Seven cricketers must cross a bridge. It is night and they have only one flashlight to guide them on the bridge. A maximum of three people can cross the bridge at one time. Each cricketer walks at a different speed.

Sachin Tendulkar takes 1 minute to cross; Rahul Dravid takes 2 minutes, Brian Lara takes 6 minutes, Ricky Ponting takes 7 minutes, Chaminda Vass takes 8 minutes, Andrew Flintoff takes 9 minutes and Inzamam takes 10 minutes.

They must walk together at the rate of the slower man’s pace i.e. if Sachin Tendulkar, Ricky Ponting and Inzamam cross the bridge together, they will take 10 minutes.

How many minutes will they take to cross the bridge? Give the minimum possible answer.

Answer

They will take 25 minutes to cross the bridge.

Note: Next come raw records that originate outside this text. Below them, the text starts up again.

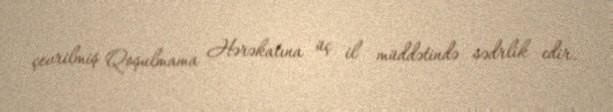
çevrilmiş Qoşulmama Hərəkatına üç il müddətində sədrlik edir.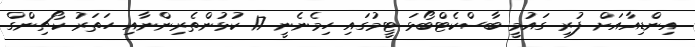
އިންޑިއާއަށް ފުރި ގައުމީ ބާސްކެޓްބޯޅަ ޓީމުގައި ހިމެނެނީ 17 ކުޅުންތެރިންނާއި ހަތަރު ކޯޗިންގް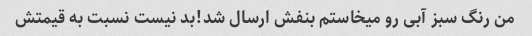
من رنگ سبز آبی رو میخاستم بنفش ارسال شد!بد نیست نسبت به قیمتش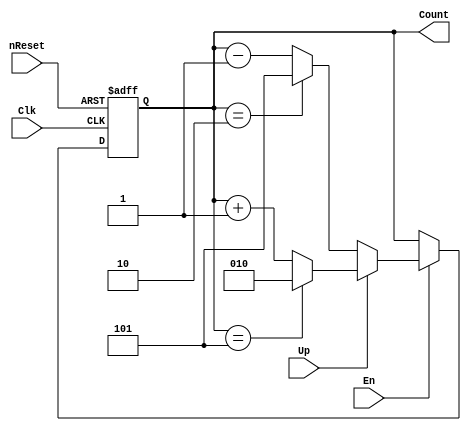
module BlueEyesWhiteDragon(Clk, Up, nReset, En, Count);

	input wire Clk, nReset, En, Up;
	output reg[2:0]Count;

	always@(negedge Clk, negedge nReset)

		begin
			if(!nReset)
				Count <= 3'b010;
			else
				begin
					if(!En)
						begin
							Count <= Count;
						end
					else
						begin
							if(Up == 1'b1)
								begin
									Count <= Count + 3'b001;
									if(Count == 3'b101)
										Count <= 3'b010;
								end
							else
								begin
									Count <= Count - 3'b001;
									if(Count == 3'b010)
										Count <= 3'b101;
								end
						end
					
				end	

		end

endmodule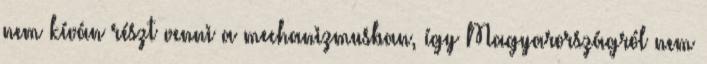
nem kíván részt venni a mechanizmusban, így Magyarországról nem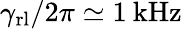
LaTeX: \gamma_{\mathrm{rl}}/2\pi\simeq 1\: \mathrm{kHz}
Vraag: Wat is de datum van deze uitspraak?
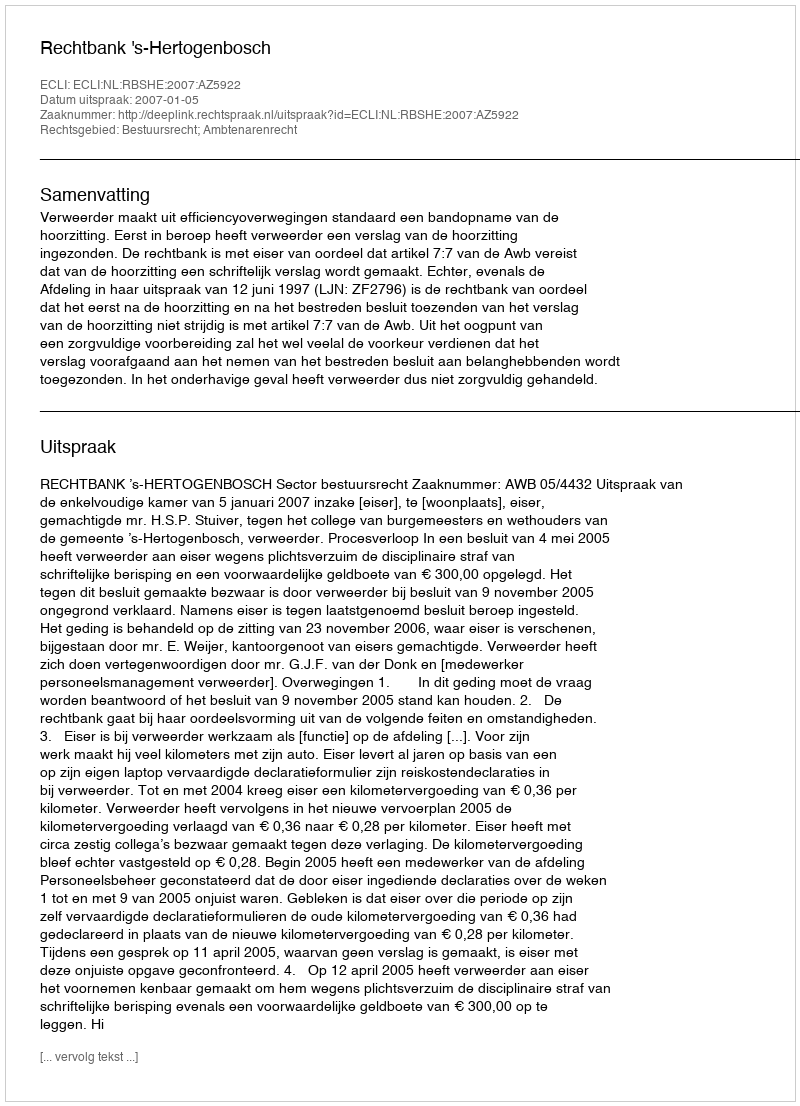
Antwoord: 2007-01-05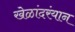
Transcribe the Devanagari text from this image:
खेळांदरंयान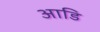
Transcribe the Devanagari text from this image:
आडि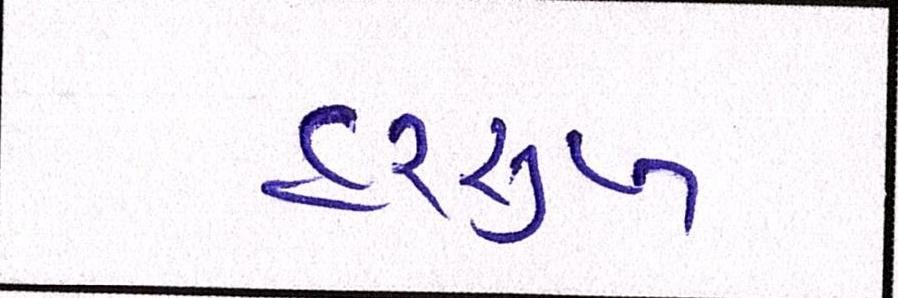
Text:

Sachin Tendulkar and Rahul Dravid go across – 2 minutes
Sachin Tendulkar comes back – 1 minute
Chaminda Vass, Andre Flintoff and Inzamam go across – 10 minutes
Rahul Dravid comes back – 2 minutes
Sachin Tendulkar, Brian Lara and Ricky Ponting go across – 7 minutes
Sachin Tendulkar comes back – 1 minute
Sachin Tendulkar and Rahul Dravid go across – 2 minutes

Thus, they will take 25 minutes to cross the bridge.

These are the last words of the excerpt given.